Numa sala de estar, a reunião dos três casais decorre assim sob tensão. À medida que vão bebendo, vão-se insultando, deixando a nu animosidades.
A obra faz uma “caracterização (e crítica) da alta burguesia americana”, mas que “podia ser de outra qualquer”, já que, “à conta do álcool [as personagens] se insultam, mas estão lá na mesma”, observou o encebador.
Com personagens masculinas mais frágeis do que as femininas, é no segundo ato, com a chegada de Elizabeth e seu amigo Oscar, que as tensões atingem o auge, evidenciando o lado destrutivo, ao mesmo tempo que vêm ao de cima temas que, para Álvaro Correia, continuam atuais: a “racialidade”, a “fraca qualidade” dos políticos atuais, quer nos Estados Unidos quer na Europa, ou a ascensão da extrema-direita nalguns países.
“O que acontece no segundo ato é, para mim, o grande desafio. Como é que podemos tornar credível uma situação que está no limite do credível”, explicou, a propósito da peça que definiu como “muito metafísica” e que especialistas chegaram a considerar “uma das peças malditas” do dramaturgo.
Por abordar questões relacionadas com a identidade dos EUA (tio Sam) num jogo implícito com o nome de uma personagem que, ao longo da peça, parece sempre não saber quem é, justificando a sua existência em função dos outros: “Sou o marido da Jo e o dono desta casa”, diz Sam, quando questionado sobre que é. Ou quando a morte da mulher se aproxima cada vez mais e ele lhe diz que sem ela “não existe”.
Para Álvaro Correia, existe “uma espécie de perda de identidade (…) em substrato na peça toda”, que é uma espécie de espelho do que é “América ou o que são os valores democráticos do Ocidente”, que “tanto tentamos impingir a toda a gente, mas que estamos a ver dentro daquilo que é o nosso enquadramento, quer europeu quer americano, que estão a ser postos em causa cada vez mais”.
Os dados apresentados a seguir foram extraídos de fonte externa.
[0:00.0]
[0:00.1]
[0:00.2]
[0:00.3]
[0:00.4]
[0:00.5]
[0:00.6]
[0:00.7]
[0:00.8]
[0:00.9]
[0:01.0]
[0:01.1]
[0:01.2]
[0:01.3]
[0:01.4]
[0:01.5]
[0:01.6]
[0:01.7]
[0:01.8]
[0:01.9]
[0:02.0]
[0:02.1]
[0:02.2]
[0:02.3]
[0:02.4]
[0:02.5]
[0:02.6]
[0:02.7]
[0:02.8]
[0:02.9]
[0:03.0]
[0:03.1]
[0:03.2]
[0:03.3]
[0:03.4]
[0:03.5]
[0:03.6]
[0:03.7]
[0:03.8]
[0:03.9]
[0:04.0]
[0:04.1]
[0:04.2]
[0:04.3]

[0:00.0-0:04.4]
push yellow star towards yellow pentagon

A título de exemplo, cita o ressurgimento de Donald Trump e as próximas eleições legislativas em Portugal, “tão polarizadas, como nunca tivemos” e, ao mesmo tempo, “tão indefinidas do que pode vir a acontecer”.
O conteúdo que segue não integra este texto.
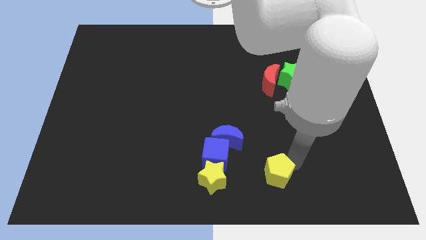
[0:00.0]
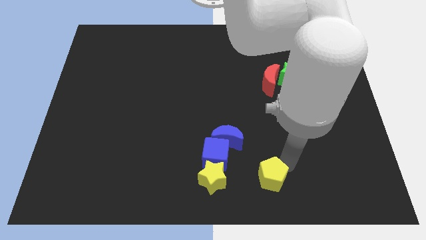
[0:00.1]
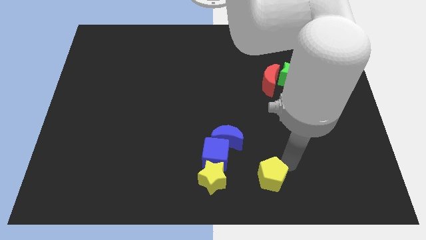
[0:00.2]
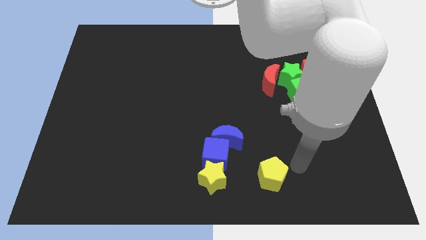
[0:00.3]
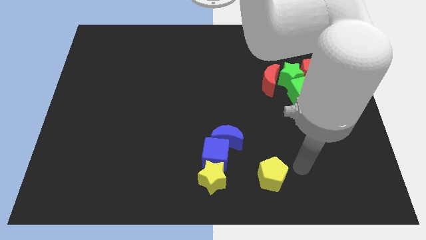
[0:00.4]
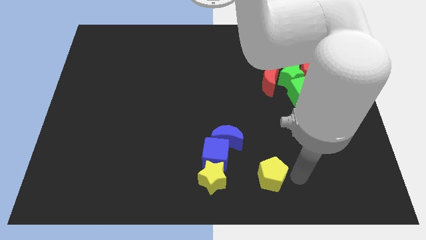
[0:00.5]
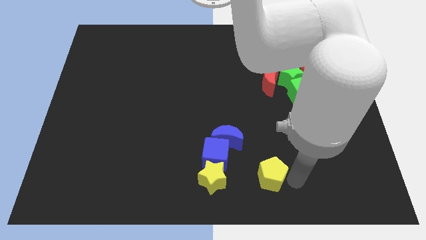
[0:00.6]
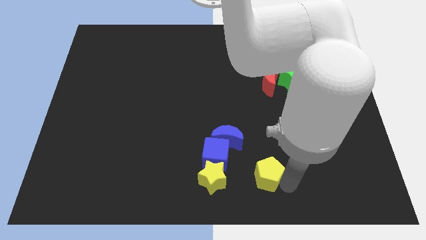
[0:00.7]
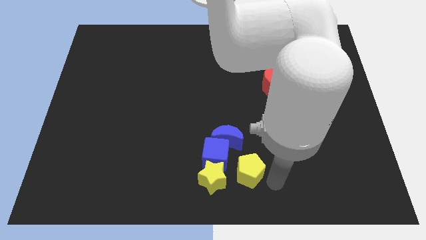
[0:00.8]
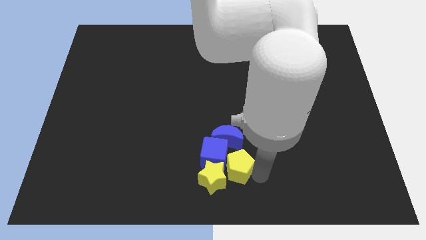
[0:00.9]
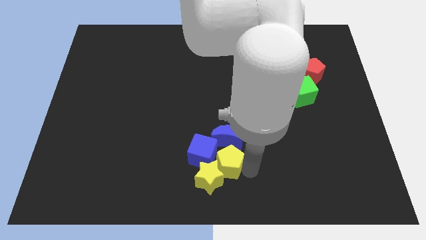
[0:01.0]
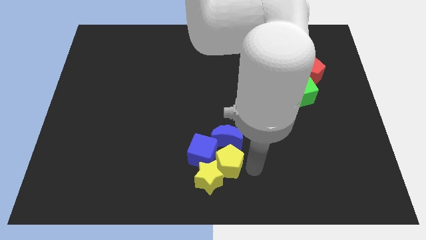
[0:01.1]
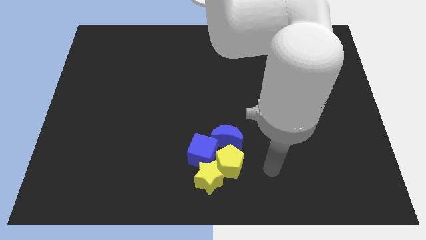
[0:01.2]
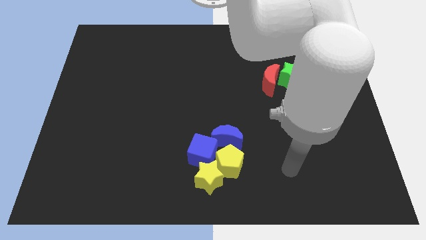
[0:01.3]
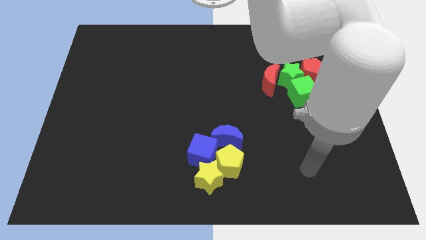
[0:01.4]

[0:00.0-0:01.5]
push the yellow pentagon into the blue cube

Em tempos, pensou-se “que pior não seria possível e hoje vemos que é”.
Para Álvaro Correia, a riqueza dos textos de Edward Albee reside não apenas nas questões políticas que aborda, como nas que aqui se levantam: “Quem sou, como me exerço e depois também a questão da morte, como nós lidamos com a morte”, um tema com que “a nossa sociedade não sabe lidar”.
Uma das novidades neste texto do Albee, na altura, reside no facto de, com frequência, as personagens interpelarem os espectadores, não para que estes decidam o que quer que seja, mas para que sejam “coenvolvidos” na ação, “criarem uma cumplicidade, quase como se fossem uma nona personagem”.
Ajudar Jo a morrer, a fazer “essa passagem” e, sobretudo, confrontar Sam com aquilo que é a morte e aquilo que são os direitos, é o propósito de Elizabeth, a senhora de Dubuque, nome de uma cidade norte-americana na fronteira entre três estados, uma personagem que, nas palavras de Álvaro Correia, remete para a deusa grega Hécate, tal como Oscar remete para Hades, denunciando a importância que a tragédia grega assume na escrita do autor de “Zoo story”.
“A senhora de Dubuque” é uma coprodução do Teatro da Trindade INATEL com a Cultuproject, vai estar em cena até 21 de abril, na sala Carmen Dolores, com récitas de quarta-feira a sábado, às 21:00, e, ao domingo, às 16:30.
Com tradução de João Paulo Esteves da Silva, o espectáculo tem cenografia de Nuno Carinhas e desenho de luz de Manuel Abrantes. Na assistência de encenação está Bruno Soares Nogueira.
Na véspera da estreia, haverá um ensaio solidário, com a receita da bilheteira a reverter, na totalidade, para a instituição Mansarda. No dia 17 de março, no final da sessão, haverá um conversa com o público.